PROBLEM DETAILS: Please output the section of the listing below that opens with the line containing "who has also" and closes with the line containing "[illegible] the Court", exactly and with nothing else.
"""
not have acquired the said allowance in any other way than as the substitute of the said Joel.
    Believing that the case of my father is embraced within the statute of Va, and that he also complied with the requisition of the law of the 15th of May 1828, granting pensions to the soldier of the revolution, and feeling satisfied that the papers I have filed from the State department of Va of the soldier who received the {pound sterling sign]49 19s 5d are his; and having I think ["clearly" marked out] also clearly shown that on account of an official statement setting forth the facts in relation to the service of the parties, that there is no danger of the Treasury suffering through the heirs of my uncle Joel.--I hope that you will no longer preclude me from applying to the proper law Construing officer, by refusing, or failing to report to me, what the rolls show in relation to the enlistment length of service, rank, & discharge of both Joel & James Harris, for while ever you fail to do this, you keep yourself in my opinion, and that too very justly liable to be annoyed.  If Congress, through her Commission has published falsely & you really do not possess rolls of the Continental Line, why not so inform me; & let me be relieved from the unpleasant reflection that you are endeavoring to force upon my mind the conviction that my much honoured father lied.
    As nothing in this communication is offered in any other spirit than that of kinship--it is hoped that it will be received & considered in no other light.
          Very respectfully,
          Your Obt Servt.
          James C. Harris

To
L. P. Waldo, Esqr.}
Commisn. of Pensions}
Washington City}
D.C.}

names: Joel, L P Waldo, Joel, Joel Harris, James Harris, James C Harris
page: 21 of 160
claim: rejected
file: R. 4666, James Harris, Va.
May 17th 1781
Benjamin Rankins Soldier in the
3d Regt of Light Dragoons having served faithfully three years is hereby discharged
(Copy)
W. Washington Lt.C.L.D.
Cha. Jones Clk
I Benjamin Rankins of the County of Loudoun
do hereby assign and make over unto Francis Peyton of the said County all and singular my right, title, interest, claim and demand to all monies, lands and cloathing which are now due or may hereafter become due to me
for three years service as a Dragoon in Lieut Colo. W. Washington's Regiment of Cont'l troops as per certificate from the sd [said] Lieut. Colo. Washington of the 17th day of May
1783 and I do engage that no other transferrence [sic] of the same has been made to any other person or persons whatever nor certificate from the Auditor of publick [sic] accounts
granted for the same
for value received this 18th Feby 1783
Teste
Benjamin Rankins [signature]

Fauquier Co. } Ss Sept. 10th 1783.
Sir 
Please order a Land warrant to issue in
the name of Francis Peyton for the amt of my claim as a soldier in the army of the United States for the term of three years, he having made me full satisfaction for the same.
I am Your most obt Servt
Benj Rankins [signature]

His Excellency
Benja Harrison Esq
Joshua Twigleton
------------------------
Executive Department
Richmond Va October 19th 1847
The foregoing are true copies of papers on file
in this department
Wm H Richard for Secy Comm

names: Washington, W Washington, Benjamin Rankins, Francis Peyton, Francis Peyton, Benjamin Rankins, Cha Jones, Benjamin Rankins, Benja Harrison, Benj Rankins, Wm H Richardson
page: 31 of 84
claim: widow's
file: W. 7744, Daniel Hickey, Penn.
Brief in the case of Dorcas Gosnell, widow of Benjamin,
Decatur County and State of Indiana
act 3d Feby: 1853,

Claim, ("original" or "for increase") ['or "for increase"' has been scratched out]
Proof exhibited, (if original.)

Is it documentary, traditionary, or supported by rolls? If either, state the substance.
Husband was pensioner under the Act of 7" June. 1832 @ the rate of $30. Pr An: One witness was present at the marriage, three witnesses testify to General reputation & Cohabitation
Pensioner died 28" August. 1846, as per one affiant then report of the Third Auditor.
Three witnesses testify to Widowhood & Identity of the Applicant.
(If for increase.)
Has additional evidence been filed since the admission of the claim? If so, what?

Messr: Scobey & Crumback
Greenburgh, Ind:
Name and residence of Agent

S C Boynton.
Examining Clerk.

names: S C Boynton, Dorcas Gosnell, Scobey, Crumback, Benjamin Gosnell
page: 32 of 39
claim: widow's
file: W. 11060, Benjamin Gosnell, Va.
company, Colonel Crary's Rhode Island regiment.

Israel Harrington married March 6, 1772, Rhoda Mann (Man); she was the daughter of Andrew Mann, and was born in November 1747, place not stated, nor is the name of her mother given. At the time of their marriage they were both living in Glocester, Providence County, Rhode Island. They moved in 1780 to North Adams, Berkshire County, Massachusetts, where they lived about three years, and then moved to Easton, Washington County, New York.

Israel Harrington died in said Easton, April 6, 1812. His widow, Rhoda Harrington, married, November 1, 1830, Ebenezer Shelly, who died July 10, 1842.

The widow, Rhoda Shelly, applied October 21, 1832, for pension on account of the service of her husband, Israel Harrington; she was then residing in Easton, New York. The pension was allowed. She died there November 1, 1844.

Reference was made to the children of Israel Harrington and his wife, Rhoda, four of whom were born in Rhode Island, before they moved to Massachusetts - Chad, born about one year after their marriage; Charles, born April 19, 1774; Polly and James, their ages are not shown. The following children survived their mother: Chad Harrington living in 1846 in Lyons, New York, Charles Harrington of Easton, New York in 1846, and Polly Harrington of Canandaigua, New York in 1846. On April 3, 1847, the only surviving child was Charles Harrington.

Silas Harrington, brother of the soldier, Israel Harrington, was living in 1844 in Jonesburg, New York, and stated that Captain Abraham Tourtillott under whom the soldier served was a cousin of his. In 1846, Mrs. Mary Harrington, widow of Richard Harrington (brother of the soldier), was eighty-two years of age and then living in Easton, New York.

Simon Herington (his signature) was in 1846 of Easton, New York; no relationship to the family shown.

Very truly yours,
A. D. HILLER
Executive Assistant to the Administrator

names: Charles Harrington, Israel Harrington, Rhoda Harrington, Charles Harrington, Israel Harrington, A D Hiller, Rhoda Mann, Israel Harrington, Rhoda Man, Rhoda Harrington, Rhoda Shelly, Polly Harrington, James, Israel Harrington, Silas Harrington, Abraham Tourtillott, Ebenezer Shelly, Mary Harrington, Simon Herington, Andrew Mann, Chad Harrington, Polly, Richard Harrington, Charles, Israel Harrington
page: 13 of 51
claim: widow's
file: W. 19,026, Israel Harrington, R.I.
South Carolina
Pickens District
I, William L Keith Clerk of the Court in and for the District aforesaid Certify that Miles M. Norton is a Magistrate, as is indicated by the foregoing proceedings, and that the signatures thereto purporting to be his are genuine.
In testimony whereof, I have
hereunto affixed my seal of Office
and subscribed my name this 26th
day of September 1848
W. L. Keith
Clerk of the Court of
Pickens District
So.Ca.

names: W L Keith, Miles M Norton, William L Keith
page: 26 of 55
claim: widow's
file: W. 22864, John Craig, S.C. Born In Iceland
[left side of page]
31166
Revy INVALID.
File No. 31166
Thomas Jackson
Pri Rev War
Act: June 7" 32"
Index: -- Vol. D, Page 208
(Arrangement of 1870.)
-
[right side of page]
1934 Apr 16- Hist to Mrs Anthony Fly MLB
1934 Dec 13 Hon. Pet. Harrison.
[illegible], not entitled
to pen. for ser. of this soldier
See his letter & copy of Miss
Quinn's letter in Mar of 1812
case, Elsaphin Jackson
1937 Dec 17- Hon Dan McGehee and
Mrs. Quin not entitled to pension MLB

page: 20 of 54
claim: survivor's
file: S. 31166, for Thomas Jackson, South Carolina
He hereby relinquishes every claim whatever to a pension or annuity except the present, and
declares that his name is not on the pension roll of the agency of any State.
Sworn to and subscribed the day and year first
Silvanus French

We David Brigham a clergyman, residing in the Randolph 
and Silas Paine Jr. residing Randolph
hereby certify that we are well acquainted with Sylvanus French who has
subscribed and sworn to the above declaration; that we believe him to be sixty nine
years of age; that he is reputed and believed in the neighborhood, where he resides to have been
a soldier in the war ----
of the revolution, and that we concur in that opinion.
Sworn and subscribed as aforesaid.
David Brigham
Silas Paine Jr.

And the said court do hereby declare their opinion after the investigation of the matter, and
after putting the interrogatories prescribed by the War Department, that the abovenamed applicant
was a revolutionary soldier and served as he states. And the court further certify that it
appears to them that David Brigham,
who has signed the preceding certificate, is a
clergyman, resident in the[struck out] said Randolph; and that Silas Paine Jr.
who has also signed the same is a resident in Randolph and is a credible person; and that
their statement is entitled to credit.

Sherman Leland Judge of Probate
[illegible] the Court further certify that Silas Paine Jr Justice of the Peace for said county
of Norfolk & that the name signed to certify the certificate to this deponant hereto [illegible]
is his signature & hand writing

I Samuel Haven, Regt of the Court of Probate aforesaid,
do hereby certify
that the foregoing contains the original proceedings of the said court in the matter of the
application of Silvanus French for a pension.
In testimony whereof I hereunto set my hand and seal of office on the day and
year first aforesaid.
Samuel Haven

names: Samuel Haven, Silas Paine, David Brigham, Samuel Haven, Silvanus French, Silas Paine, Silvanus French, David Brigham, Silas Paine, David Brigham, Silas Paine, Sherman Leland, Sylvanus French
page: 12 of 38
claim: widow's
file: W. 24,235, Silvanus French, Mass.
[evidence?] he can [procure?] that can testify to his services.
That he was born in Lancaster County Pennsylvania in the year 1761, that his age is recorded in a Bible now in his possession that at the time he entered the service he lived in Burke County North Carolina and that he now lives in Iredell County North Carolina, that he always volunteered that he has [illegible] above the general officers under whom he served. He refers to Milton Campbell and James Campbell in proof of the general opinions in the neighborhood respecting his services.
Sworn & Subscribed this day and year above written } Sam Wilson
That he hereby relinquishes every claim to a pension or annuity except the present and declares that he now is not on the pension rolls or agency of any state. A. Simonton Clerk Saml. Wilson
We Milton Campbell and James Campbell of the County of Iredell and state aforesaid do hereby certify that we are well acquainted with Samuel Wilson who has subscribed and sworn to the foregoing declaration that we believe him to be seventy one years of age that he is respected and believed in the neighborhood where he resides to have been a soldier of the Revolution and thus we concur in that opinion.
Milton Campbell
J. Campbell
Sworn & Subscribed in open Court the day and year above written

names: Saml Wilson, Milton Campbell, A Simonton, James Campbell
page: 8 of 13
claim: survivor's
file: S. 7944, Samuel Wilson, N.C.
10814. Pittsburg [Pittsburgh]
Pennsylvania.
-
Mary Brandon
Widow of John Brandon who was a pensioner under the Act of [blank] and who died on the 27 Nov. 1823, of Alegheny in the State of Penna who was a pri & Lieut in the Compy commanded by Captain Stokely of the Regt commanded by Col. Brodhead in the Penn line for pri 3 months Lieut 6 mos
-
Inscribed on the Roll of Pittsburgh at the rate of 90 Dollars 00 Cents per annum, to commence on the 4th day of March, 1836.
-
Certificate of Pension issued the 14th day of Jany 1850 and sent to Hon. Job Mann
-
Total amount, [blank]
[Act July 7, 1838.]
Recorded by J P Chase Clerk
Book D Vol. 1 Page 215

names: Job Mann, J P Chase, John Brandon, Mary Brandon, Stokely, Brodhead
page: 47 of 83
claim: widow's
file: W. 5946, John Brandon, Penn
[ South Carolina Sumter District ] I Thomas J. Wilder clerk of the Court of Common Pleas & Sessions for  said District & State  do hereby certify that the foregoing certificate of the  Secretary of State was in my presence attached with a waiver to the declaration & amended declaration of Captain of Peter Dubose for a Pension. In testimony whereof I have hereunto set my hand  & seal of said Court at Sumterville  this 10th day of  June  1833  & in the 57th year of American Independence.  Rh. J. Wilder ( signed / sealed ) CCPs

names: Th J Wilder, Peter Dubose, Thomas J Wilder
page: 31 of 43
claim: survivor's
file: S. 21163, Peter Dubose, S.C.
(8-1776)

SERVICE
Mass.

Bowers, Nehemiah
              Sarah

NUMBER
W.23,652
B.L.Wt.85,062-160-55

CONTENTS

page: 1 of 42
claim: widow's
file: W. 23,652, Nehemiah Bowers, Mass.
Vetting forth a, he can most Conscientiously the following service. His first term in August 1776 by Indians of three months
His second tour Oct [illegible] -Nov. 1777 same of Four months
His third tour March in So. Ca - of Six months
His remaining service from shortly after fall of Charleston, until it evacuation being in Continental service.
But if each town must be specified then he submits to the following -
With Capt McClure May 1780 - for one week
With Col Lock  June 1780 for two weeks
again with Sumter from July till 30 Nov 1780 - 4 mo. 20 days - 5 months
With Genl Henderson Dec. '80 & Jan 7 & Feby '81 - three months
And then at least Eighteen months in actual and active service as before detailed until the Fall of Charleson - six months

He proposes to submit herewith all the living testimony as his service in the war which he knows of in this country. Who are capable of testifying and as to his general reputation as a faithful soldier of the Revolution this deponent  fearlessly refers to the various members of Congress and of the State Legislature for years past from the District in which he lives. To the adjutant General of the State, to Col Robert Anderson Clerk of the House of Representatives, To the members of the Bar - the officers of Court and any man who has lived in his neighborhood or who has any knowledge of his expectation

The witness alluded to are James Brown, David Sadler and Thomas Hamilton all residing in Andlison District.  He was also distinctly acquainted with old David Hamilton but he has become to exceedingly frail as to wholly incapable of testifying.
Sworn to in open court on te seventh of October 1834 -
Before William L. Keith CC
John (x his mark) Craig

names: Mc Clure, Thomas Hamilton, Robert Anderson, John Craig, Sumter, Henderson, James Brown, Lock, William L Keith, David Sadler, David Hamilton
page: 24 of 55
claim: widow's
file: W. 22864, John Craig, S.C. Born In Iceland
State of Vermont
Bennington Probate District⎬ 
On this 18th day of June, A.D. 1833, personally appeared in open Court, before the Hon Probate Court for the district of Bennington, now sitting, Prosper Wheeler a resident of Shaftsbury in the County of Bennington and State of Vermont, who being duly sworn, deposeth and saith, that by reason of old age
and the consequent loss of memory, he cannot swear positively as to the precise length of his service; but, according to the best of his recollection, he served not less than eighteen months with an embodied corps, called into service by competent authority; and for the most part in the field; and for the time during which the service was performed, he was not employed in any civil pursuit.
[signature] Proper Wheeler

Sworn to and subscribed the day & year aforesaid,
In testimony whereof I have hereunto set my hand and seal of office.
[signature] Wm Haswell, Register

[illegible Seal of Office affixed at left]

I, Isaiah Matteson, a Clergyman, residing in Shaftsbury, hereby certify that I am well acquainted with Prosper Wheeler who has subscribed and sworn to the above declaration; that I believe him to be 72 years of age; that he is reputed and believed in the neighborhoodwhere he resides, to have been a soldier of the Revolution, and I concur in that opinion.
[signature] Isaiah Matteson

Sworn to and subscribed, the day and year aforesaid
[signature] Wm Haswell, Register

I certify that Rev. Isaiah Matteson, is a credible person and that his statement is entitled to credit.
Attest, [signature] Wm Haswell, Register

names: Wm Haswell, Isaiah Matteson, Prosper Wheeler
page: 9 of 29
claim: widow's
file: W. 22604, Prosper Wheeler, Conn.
"""
RESPONSE:
who has also signed the same is a resident in Randolph and is a credible person; and that
their statement is entitled to credit.

Sherman Leland Judge of Probate
[illegible] the Court further certify that Silas Paine Jr Justice of the Peace for said county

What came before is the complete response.